━━ SUPPLIED INFORMATION

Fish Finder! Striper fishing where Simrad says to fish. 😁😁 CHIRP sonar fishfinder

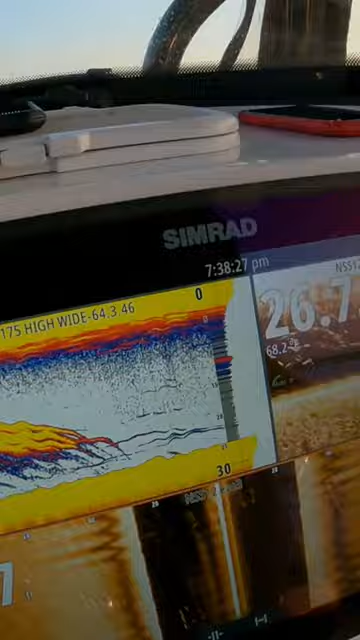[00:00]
so you learn your machine really good you see those marks so when you're catching fish look
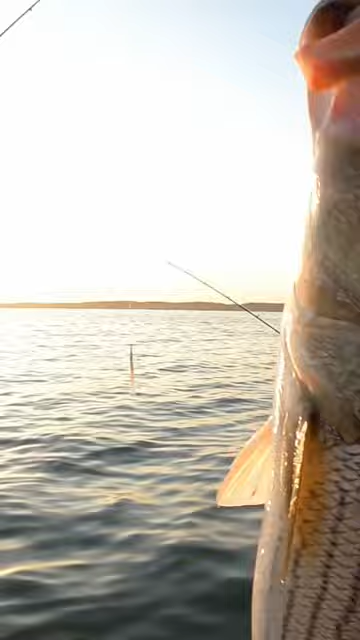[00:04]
at the fish you're bringing up that's how you learn what's down there the more you do that the more you can learn your simrad
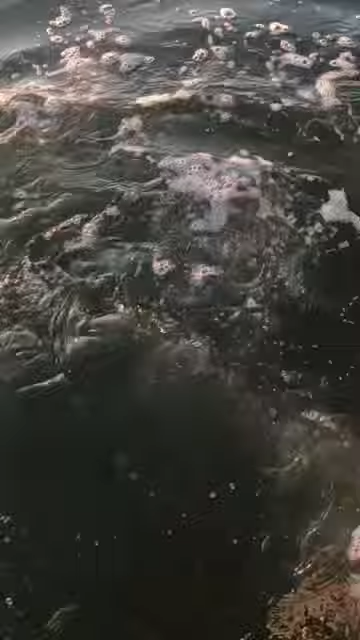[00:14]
go baby water's a lot cleaner over here than it was where we started yesterday it was real muddy there's that fish right down
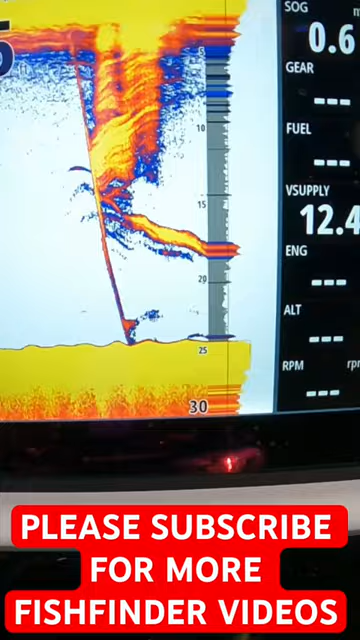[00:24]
right to the bottom yeah look at that he went right by his brother you'd be surprised people never think of that

━━━━

▸ **TASK DESCRIPTION**
Reproduce the entire listing exactly, except for any pictures it contains.

▸ **SOLVED EXERCISE**
Fish Finder! Striper fishing where Simrad says to fish. 😁😁 CHIRP sonar fishfinder

[00:00]
so you learn your machine really good you see those marks so when you're catching fish look
[00:04]
at the fish you're bringing up that's how you learn what's down there the more you do that the more you can learn your simrad
[00:14]
go baby water's a lot cleaner over here than it was where we started yesterday it was real muddy there's that fish right down
[00:24]
right to the bottom yeah look at that he went right by his brother you'd be surprised people never think of that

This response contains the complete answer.